9. “Not be able to talk. I think I’m forming full sentences when I’m experiencing the anxiety associated with my bipolar. However. people tell me it’s really just a bunch of ‘umm’s’ and forgetting what I was saying.” — Olivia W.

10. “Weird buzzing feeling I feel all over my body, and the endless butterflies in my stomach during a manic episode. It makes me feel like I could run for hours but also vomit. Plus it makes sleeping nearly impossible.” — Cassy H.

11. “Being overweight. I eat too much and can’t work out when I’m depressed. And I stay up late and get super hungry when I’m manic. No good can come for me physically when I’m using all my energy fighting to stay in it mentally.” — Mallory J.

12. “Your body and your mind sort of become separate. For example, when you’re in a depressive episode and can’t get out of bed, your brain screams at you, trying to force you to get up, but your body doesn’t listen. Then, during a manic episode, your body screams at you to let it rest, but your brain’s all, ‘No. We gotta finish rearranging your room by one in the morning so we have time to finish a hardcover notebook and read two novels before the sun shows up.’” — Reinrose B.

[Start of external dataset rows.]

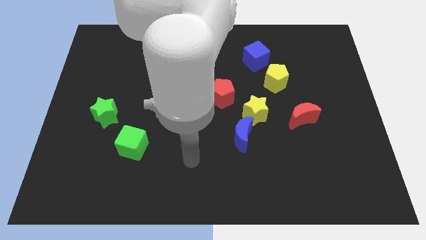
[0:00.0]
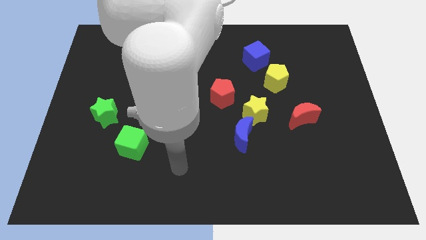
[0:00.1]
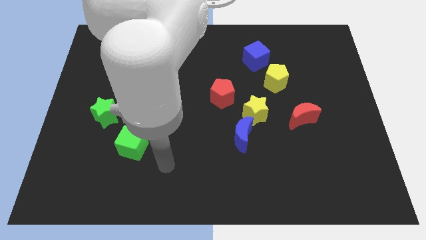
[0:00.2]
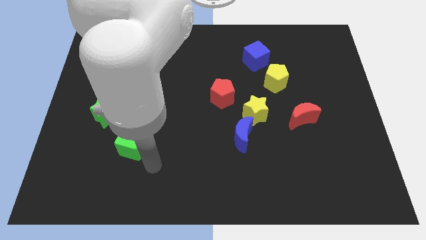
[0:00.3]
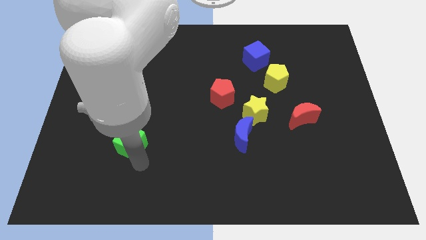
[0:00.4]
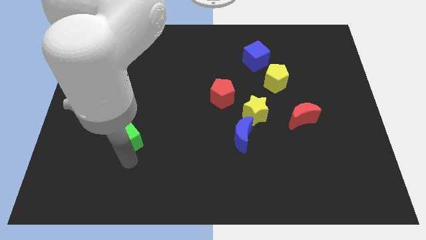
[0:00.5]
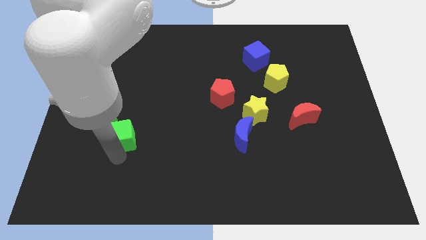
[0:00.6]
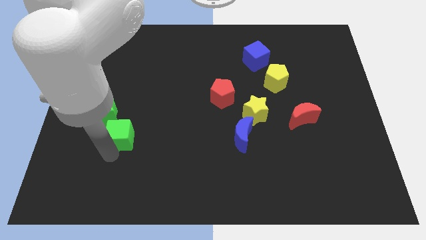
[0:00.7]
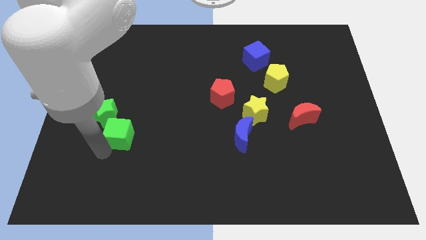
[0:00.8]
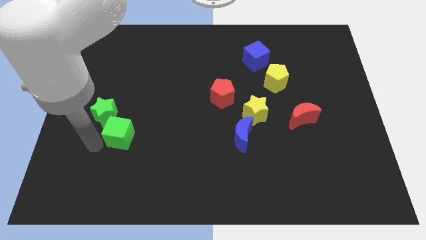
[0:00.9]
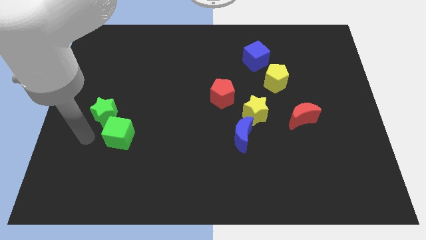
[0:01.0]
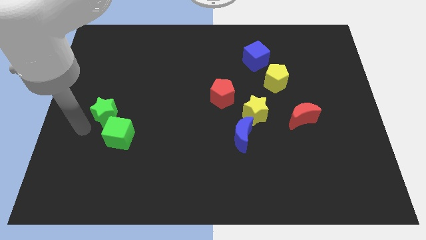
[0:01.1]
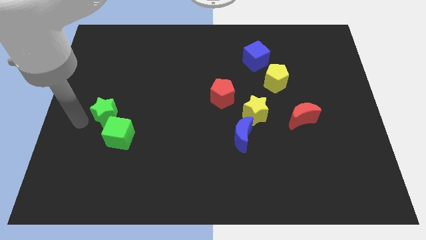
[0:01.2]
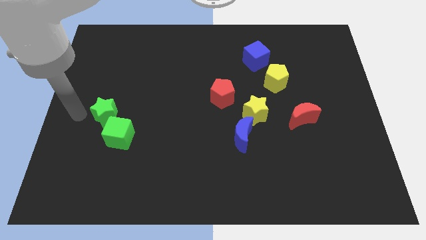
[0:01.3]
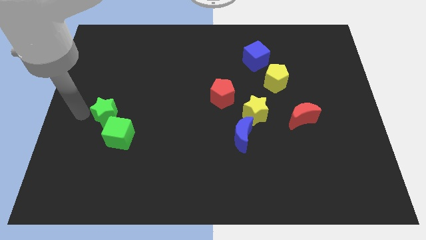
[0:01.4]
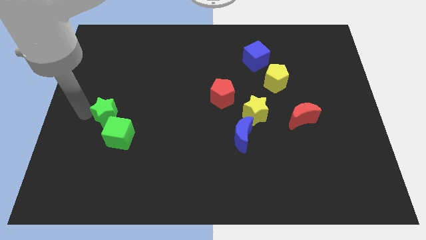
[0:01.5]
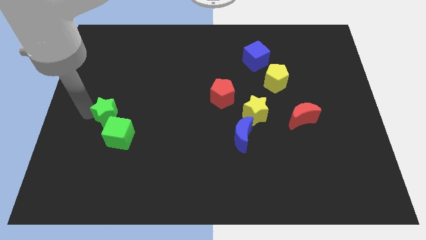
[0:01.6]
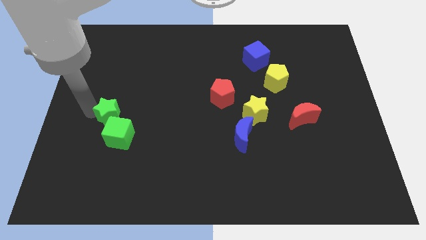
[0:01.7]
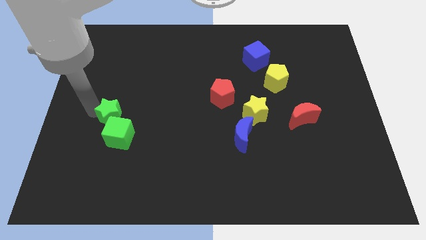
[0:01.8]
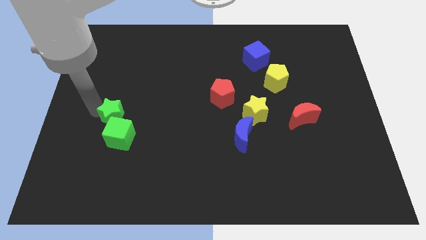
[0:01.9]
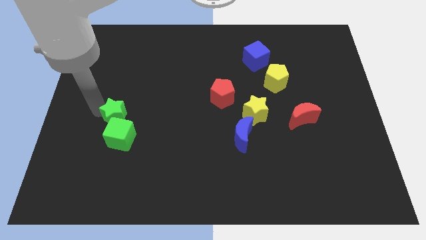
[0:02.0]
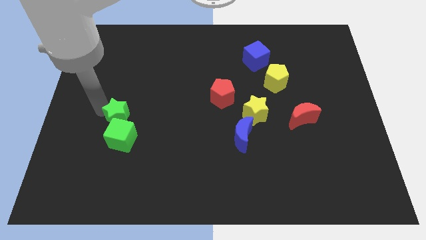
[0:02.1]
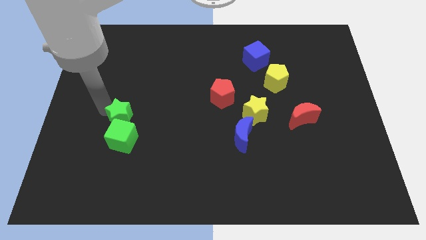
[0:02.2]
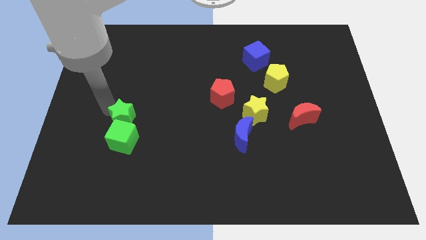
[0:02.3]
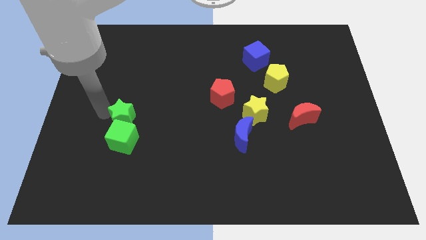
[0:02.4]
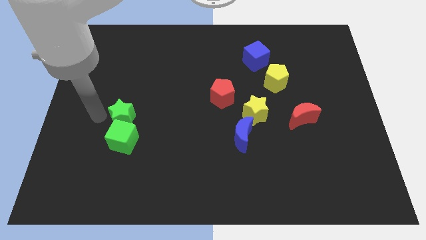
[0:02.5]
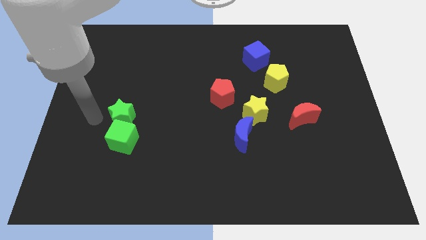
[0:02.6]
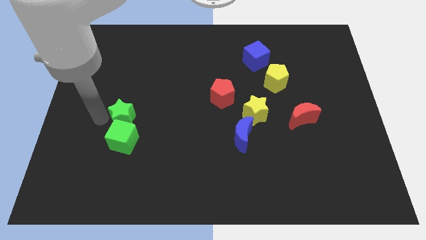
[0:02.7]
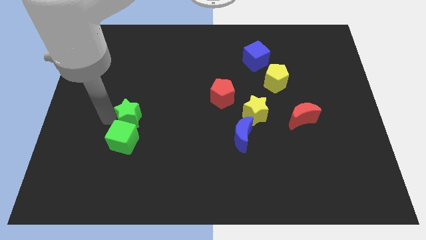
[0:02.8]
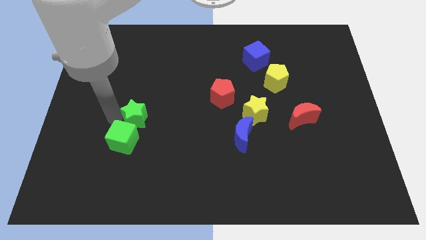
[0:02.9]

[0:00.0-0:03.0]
slightly move the green star to the right

13. “While experiencing anxiety symptoms and hypomanic phases, I tug at my hair (not to pull it out though). I also roll and flex my ankles and wrists, usually without realizing.” — Aimee C.

14. “I talk to myself out loud when I’m manic. There are so many racing thoughts and stress about certain aspects of my life that I replay how to handle situations over and over in my head so I don’t have diarrhea of the mouth inappropriately. But I’m not just thinking these situations, I’m saying them out loud: in the car, shower, etc. I catch myself and hope no one has heard me. It’s like there are so many thoughts racing they can’t help but overflow verbally too.” — Tracy S.

15. “Varying skin problems. When I’m going a million miles an hour and not sleeping, I’m filled with stress hormones and my skin takes a hit. Same with depression. When I’m leveled out, my skin clears up until the next episode.” — Kelly A.

16. “Gastrointestinal issues are common for me. I have had to have emergency gallbladder surgery and still live with issues everyday.” — Tiffany I.

17. “Blackout. When the rage sets in, I blackout and don’t remember everything I say or do. I also get headaches from the extreme anger or adrenaline rushes. I get very fatigued as well, even though I may not physically be doing anything. My brain exhausts me.” — Randi E.

18. “Tactile hallucinations — things crawling on me or people or things brushing against me that aren’t there. Not being able to keep my body still and having muscle-like spasms without the pain (akathisia), memory loss and brain fog, constantly running into or hitting things, knots, pain, and really tight muscles in my back and shoulders and neck, a stiff and sore jaw from clamping it shut and grinding my teeth, not being able to breath, auditory hallucination — usually not any specific words I can make out, more like screaming. Claustrophobia and hyperventilating during anxiety and during a manic episodes.” — Crystal T.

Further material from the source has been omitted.